Write out the records again exactly. Nothing should be dropped.

=-=-=

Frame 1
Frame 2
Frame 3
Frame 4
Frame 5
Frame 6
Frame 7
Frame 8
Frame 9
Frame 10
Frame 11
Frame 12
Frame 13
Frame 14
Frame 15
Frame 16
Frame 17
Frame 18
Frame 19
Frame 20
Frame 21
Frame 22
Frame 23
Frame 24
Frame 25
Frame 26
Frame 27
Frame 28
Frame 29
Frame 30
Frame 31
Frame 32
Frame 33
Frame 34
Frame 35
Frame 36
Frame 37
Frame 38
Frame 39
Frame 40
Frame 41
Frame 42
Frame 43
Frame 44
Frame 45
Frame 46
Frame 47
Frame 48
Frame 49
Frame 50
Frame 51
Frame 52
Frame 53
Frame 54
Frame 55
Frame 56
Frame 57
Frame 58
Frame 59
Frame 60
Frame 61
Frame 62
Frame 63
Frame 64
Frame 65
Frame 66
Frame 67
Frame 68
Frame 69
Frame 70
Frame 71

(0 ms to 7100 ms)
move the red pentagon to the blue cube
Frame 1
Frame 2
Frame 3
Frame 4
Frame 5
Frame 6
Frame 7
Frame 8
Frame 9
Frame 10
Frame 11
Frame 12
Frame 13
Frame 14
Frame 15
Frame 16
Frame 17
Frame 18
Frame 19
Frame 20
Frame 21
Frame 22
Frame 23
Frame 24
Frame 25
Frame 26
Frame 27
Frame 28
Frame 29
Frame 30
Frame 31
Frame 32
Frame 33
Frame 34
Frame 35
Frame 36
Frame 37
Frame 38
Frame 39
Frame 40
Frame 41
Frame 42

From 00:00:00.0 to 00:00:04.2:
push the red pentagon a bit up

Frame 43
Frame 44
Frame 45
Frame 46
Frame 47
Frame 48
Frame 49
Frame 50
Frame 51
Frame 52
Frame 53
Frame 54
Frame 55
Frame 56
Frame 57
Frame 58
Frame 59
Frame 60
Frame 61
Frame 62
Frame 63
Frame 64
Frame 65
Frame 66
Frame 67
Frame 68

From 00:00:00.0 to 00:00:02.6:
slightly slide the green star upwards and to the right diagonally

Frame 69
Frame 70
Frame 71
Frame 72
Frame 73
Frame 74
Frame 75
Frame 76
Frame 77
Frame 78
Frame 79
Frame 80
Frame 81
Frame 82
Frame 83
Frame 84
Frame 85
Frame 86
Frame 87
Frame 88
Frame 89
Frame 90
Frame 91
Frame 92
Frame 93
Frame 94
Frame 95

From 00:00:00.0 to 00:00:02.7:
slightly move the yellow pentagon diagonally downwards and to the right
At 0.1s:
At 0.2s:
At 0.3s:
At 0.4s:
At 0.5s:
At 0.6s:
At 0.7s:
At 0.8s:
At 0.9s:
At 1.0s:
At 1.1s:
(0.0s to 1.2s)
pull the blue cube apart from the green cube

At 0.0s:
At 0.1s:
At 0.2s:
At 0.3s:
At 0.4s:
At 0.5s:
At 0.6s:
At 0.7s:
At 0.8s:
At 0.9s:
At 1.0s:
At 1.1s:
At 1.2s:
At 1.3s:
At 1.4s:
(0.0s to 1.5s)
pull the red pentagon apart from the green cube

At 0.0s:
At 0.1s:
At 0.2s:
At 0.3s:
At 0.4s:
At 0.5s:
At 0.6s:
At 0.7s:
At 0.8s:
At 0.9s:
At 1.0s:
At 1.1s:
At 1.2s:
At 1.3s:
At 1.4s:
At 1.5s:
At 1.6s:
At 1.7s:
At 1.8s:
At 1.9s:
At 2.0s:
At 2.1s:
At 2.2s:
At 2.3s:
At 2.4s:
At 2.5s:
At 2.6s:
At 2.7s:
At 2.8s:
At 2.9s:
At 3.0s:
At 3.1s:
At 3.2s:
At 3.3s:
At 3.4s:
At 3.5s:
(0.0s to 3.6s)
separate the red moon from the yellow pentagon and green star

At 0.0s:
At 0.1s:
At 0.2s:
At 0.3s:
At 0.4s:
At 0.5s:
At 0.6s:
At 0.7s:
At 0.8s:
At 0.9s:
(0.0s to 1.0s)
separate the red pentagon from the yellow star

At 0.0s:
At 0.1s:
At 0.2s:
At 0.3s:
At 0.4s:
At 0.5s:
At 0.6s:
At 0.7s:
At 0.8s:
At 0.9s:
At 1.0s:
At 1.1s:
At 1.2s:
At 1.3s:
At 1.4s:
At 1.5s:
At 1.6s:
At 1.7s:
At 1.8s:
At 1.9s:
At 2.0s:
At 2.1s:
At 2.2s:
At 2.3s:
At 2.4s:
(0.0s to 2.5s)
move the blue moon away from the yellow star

=-=-=

● **ANSWER SECTION**
Frame 1
Frame 2
Frame 3
Frame 4
Frame 5
Frame 6
Frame 7
Frame 8
Frame 9
Frame 10
Frame 11
Frame 12
Frame 13
Frame 14
Frame 15
Frame 16
Frame 17
Frame 18
Frame 19
Frame 20
Frame 21
Frame 22
Frame 23
Frame 24
Frame 25
Frame 26
Frame 27
Frame 28
Frame 29
Frame 30
Frame 31
Frame 32
Frame 33
Frame 34
Frame 35
Frame 36
Frame 37
Frame 38
Frame 39
Frame 40
Frame 41
Frame 42
Frame 43
Frame 44
Frame 45
Frame 46
Frame 47
Frame 48
Frame 49
Frame 50
Frame 51
Frame 52
Frame 53
Frame 54
Frame 55
Frame 56
Frame 57
Frame 58
Frame 59
Frame 60
Frame 61
Frame 62
Frame 63
Frame 64
Frame 65
Frame 66
Frame 67
Frame 68
Frame 69
Frame 70
Frame 71

(0 ms to 7100 ms)
move the red pentagon to the blue cube
Frame 1
Frame 2
Frame 3
Frame 4
Frame 5
Frame 6
Frame 7
Frame 8
Frame 9
Frame 10
Frame 11
Frame 12
Frame 13
Frame 14
Frame 15
Frame 16
Frame 17
Frame 18
Frame 19
Frame 20
Frame 21
Frame 22
Frame 23
Frame 24
Frame 25
Frame 26
Frame 27
Frame 28
Frame 29
Frame 30
Frame 31
Frame 32
Frame 33
Frame 34
Frame 35
Frame 36
Frame 37
Frame 38
Frame 39
Frame 40
Frame 41
Frame 42

From 00:00:00.0 to 00:00:04.2:
push the red pentagon a bit up

Frame 43
Frame 44
Frame 45
Frame 46
Frame 47
Frame 48
Frame 49
Frame 50
Frame 51
Frame 52
Frame 53
Frame 54
Frame 55
Frame 56
Frame 57
Frame 58
Frame 59
Frame 60
Frame 61
Frame 62
Frame 63
Frame 64
Frame 65
Frame 66
Frame 67
Frame 68

From 00:00:00.0 to 00:00:02.6:
slightly slide the green star upwards and to the right diagonally

Frame 69
Frame 70
Frame 71
Frame 72
Frame 73
Frame 74
Frame 75
Frame 76
Frame 77
Frame 78
Frame 79
Frame 80
Frame 81
Frame 82
Frame 83
Frame 84
Frame 85
Frame 86
Frame 87
Frame 88
Frame 89
Frame 90
Frame 91
Frame 92
Frame 93
Frame 94
Frame 95

From 00:00:00.0 to 00:00:02.7:
slightly move the yellow pentagon diagonally downwards and to the right
At 0.1s:
At 0.2s:
At 0.3s:
At 0.4s:
At 0.5s:
At 0.6s:
At 0.7s:
At 0.8s:
At 0.9s:
At 1.0s:
At 1.1s:
(0.0s to 1.2s)
pull the blue cube apart from the green cube

At 0.0s:
At 0.1s:
At 0.2s:
At 0.3s:
At 0.4s:
At 0.5s:
At 0.6s:
At 0.7s:
At 0.8s:
At 0.9s:
At 1.0s:
At 1.1s:
At 1.2s:
At 1.3s:
At 1.4s:
(0.0s to 1.5s)
pull the red pentagon apart from the green cube

At 0.0s:
At 0.1s:
At 0.2s:
At 0.3s:
At 0.4s:
At 0.5s:
At 0.6s:
At 0.7s:
At 0.8s:
At 0.9s:
At 1.0s:
At 1.1s:
At 1.2s:
At 1.3s:
At 1.4s:
At 1.5s:
At 1.6s:
At 1.7s:
At 1.8s:
At 1.9s:
At 2.0s:
At 2.1s:
At 2.2s:
At 2.3s:
At 2.4s:
At 2.5s:
At 2.6s:
At 2.7s:
At 2.8s:
At 2.9s:
At 3.0s:
At 3.1s:
At 3.2s:
At 3.3s:
At 3.4s:
At 3.5s:
(0.0s to 3.6s)
separate the red moon from the yellow pentagon and green star

At 0.0s:
At 0.1s:
At 0.2s:
At 0.3s:
At 0.4s:
At 0.5s:
At 0.6s:
At 0.7s:
At 0.8s:
At 0.9s:
(0.0s to 1.0s)
separate the red pentagon from the yellow star

At 0.0s:
At 0.1s:
At 0.2s:
At 0.3s:
At 0.4s:
At 0.5s:
At 0.6s:
At 0.7s:
At 0.8s:
At 0.9s:
At 1.0s:
At 1.1s:
At 1.2s:
At 1.3s:
At 1.4s:
At 1.5s:
At 1.6s:
At 1.7s:
At 1.8s:
At 1.9s:
At 2.0s:
At 2.1s:
At 2.2s:
At 2.3s:
At 2.4s:
(0.0s to 2.5s)
move the blue moon away from the yellow star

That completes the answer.